It is unfortunately none too well understood that, just as the State has no money of its own, so it has no power of its own. All the power it has is what society gives it, plus what it confiscates from time to time on one pretext or another; there is no other source from which State power can be drawn. Therefore every assumption of State power, whether by gift or seizure, leaves society with so much less power; there is never, nor can there be, any strengthening of State power without a corresponding and roughly equivalent depletion of social power.
Moreover, it follows that with any exercise of State power, not only the exercise of social power in the same direction, but the disposition to exercise it in that direction, tends to dwindle. Mayor Gaynor astonished the whole of New York when he pointed out to a correspondent who had been complaining about the inefficiency of the police, that any citizen has the right to arrest a malefactor and bring him before a magistrate. “The law of England and of this country,” he wrote, “has been very careful to confer no more right in that respect upon policemen and constables than it confers on every citizen.” State exercise of that right through a police force had gone on so steadily that not only were citizens indisposed to exercise it, but probably not one in ten thousand knew he had it.That is where we stood in 1935 when Nock wrote his book.

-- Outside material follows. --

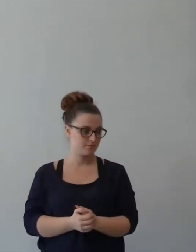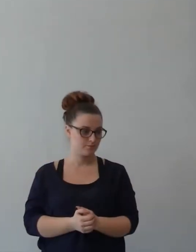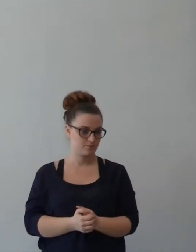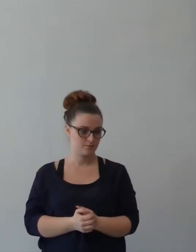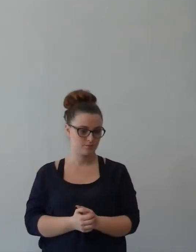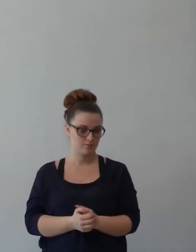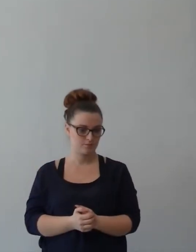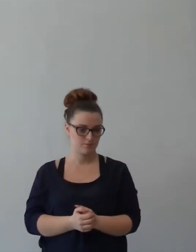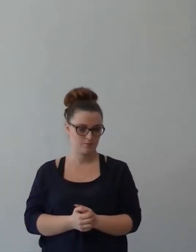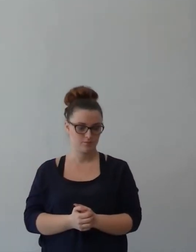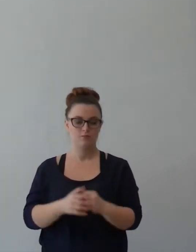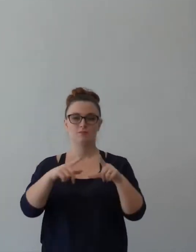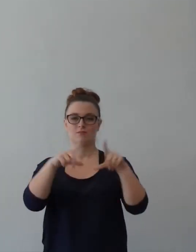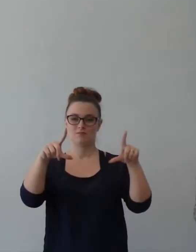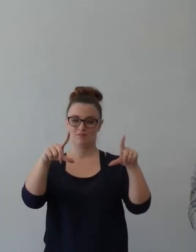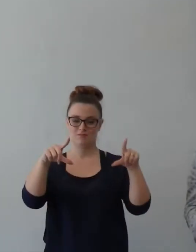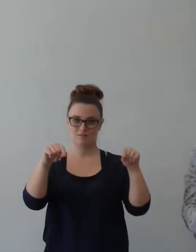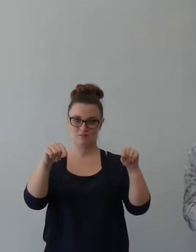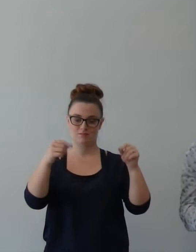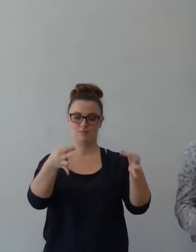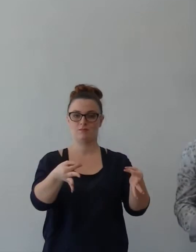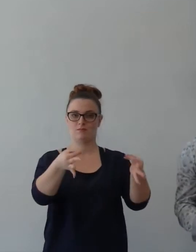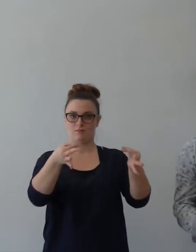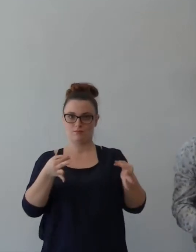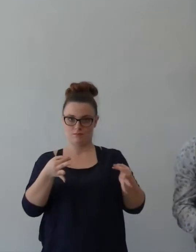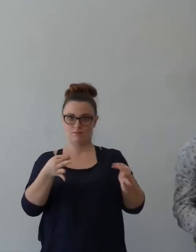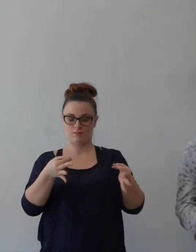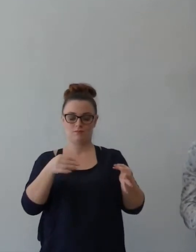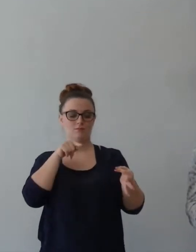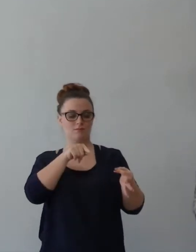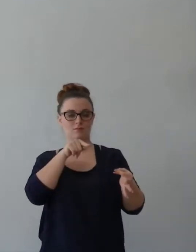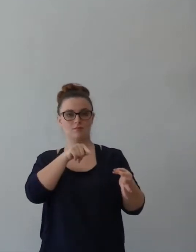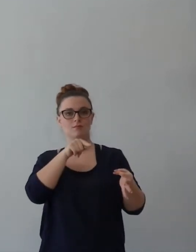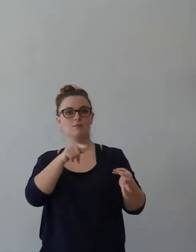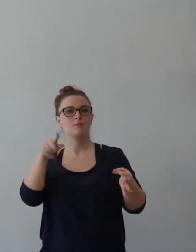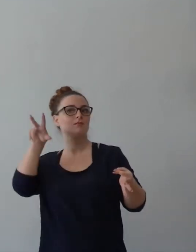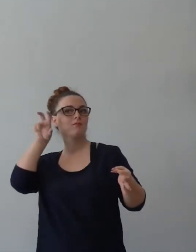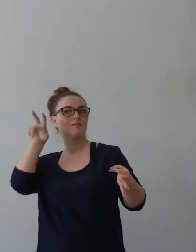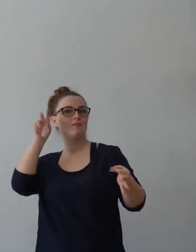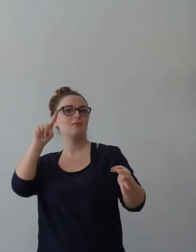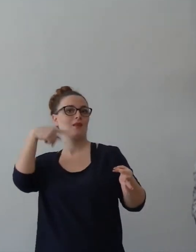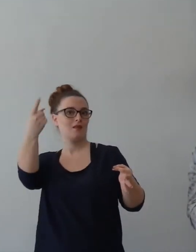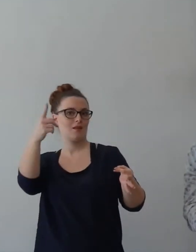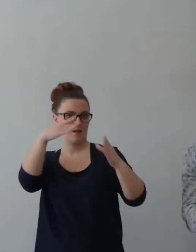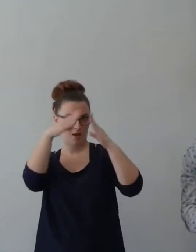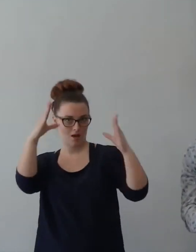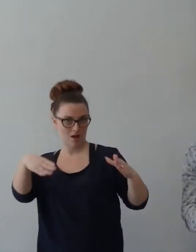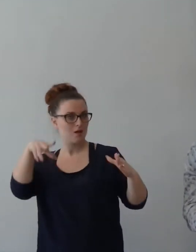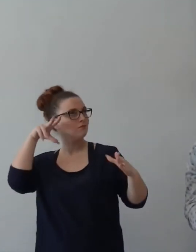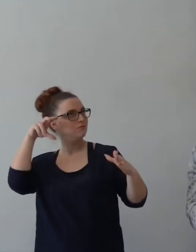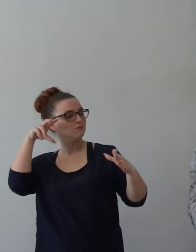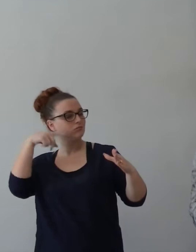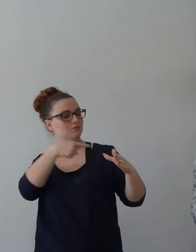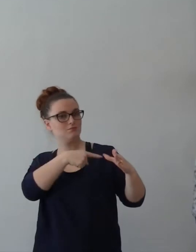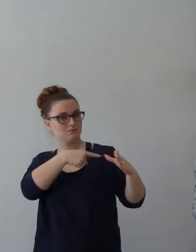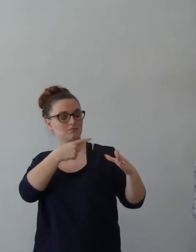una persona che sta seguendo la serie di predicazioni e dice così, caro pastore
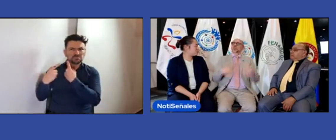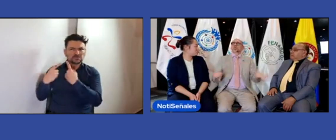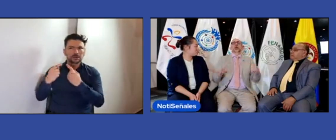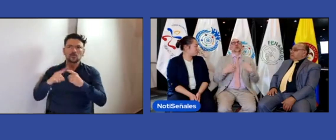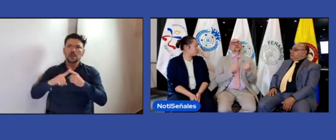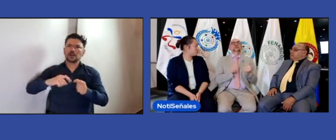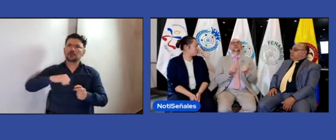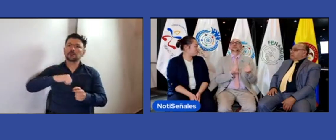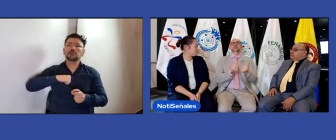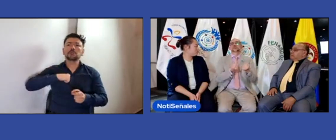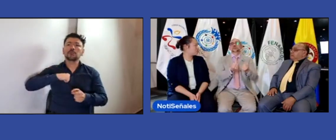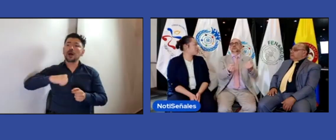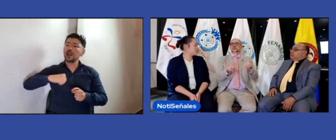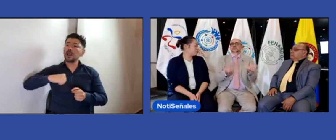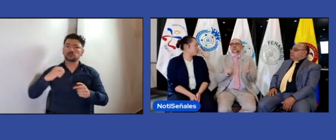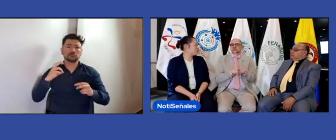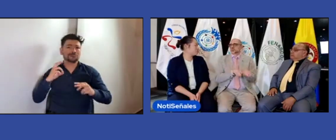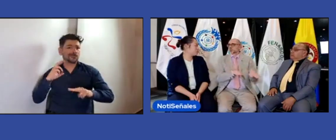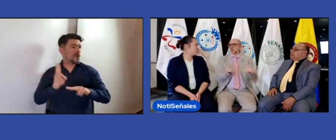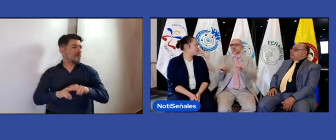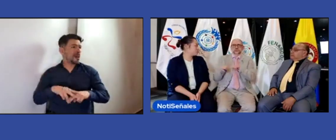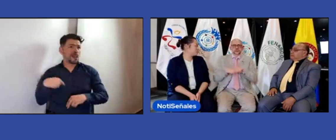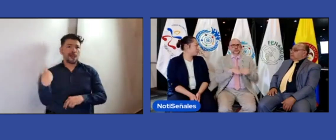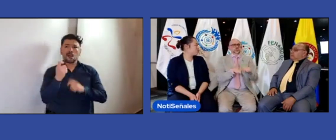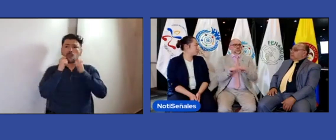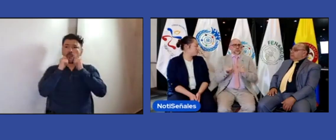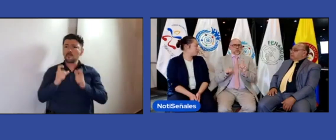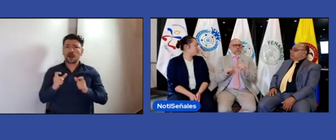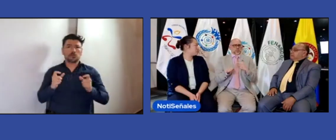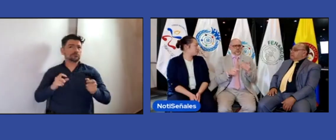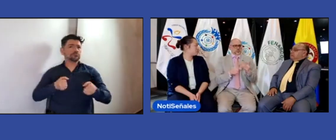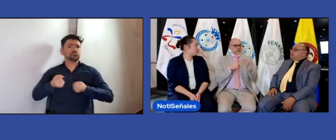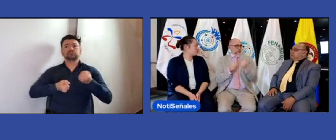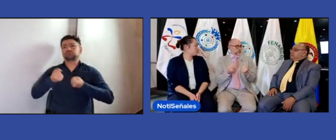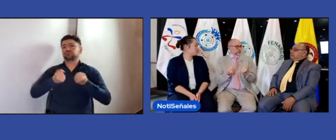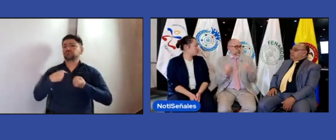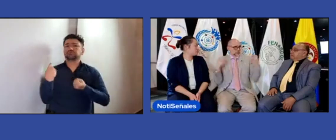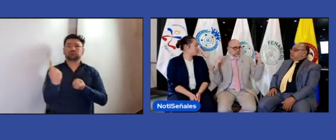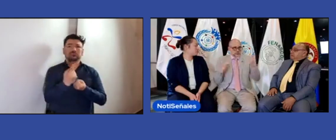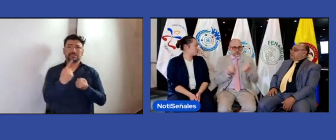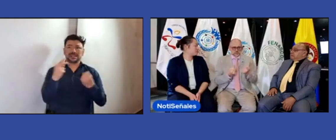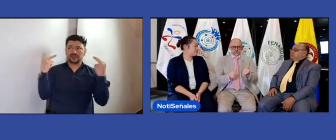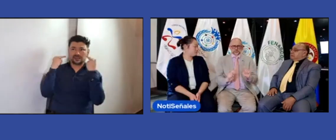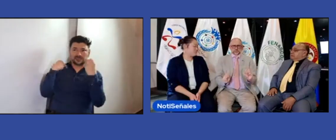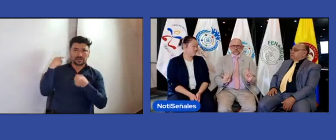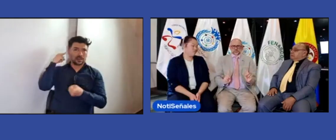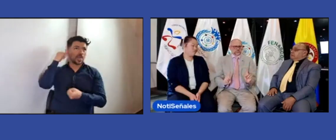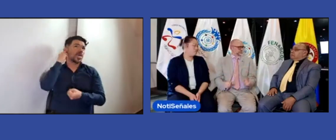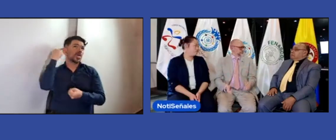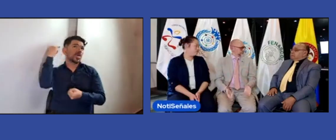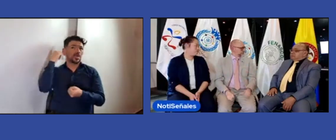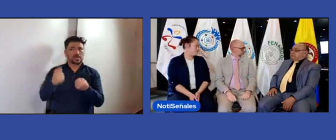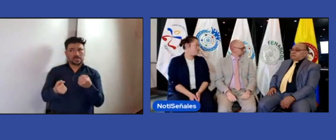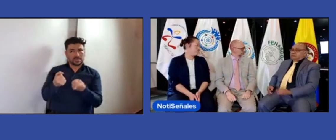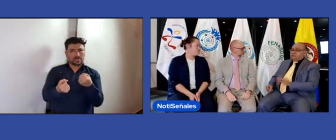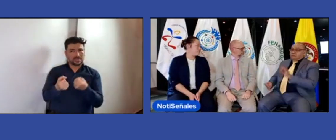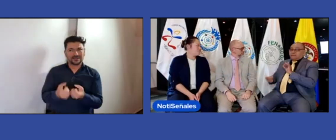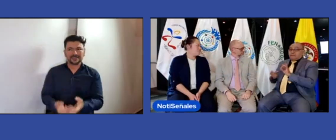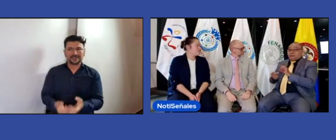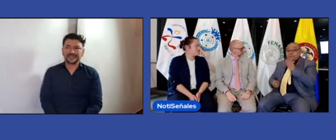use este símbolo porque uno es libre de poder utilizar sus automóviles con la forma en

Think of that while you read the article "Defending Innocent Life: A Perilous Choice At Best" at The Truth About Guns and the comments (particularly from those who believe the legal risk is too high to intervene and defend someone that is not a member of your family), and compare what will happen to you versus the suggested guidelines for handling an officer-involved shooting in "Lethal Aftermath – Are You a Second Class Citizen?" at Ammo Land. And I will add my own anecdote: in a conversation with an assistant city prosecutor several years ago, she indicated her belief that a person could not legally use force to expel a trespasser from his or her property, but was required to call the police. The point isn't whether she was correct or not, but that it shows the general attitude of many of those tasked with enforcing our laws.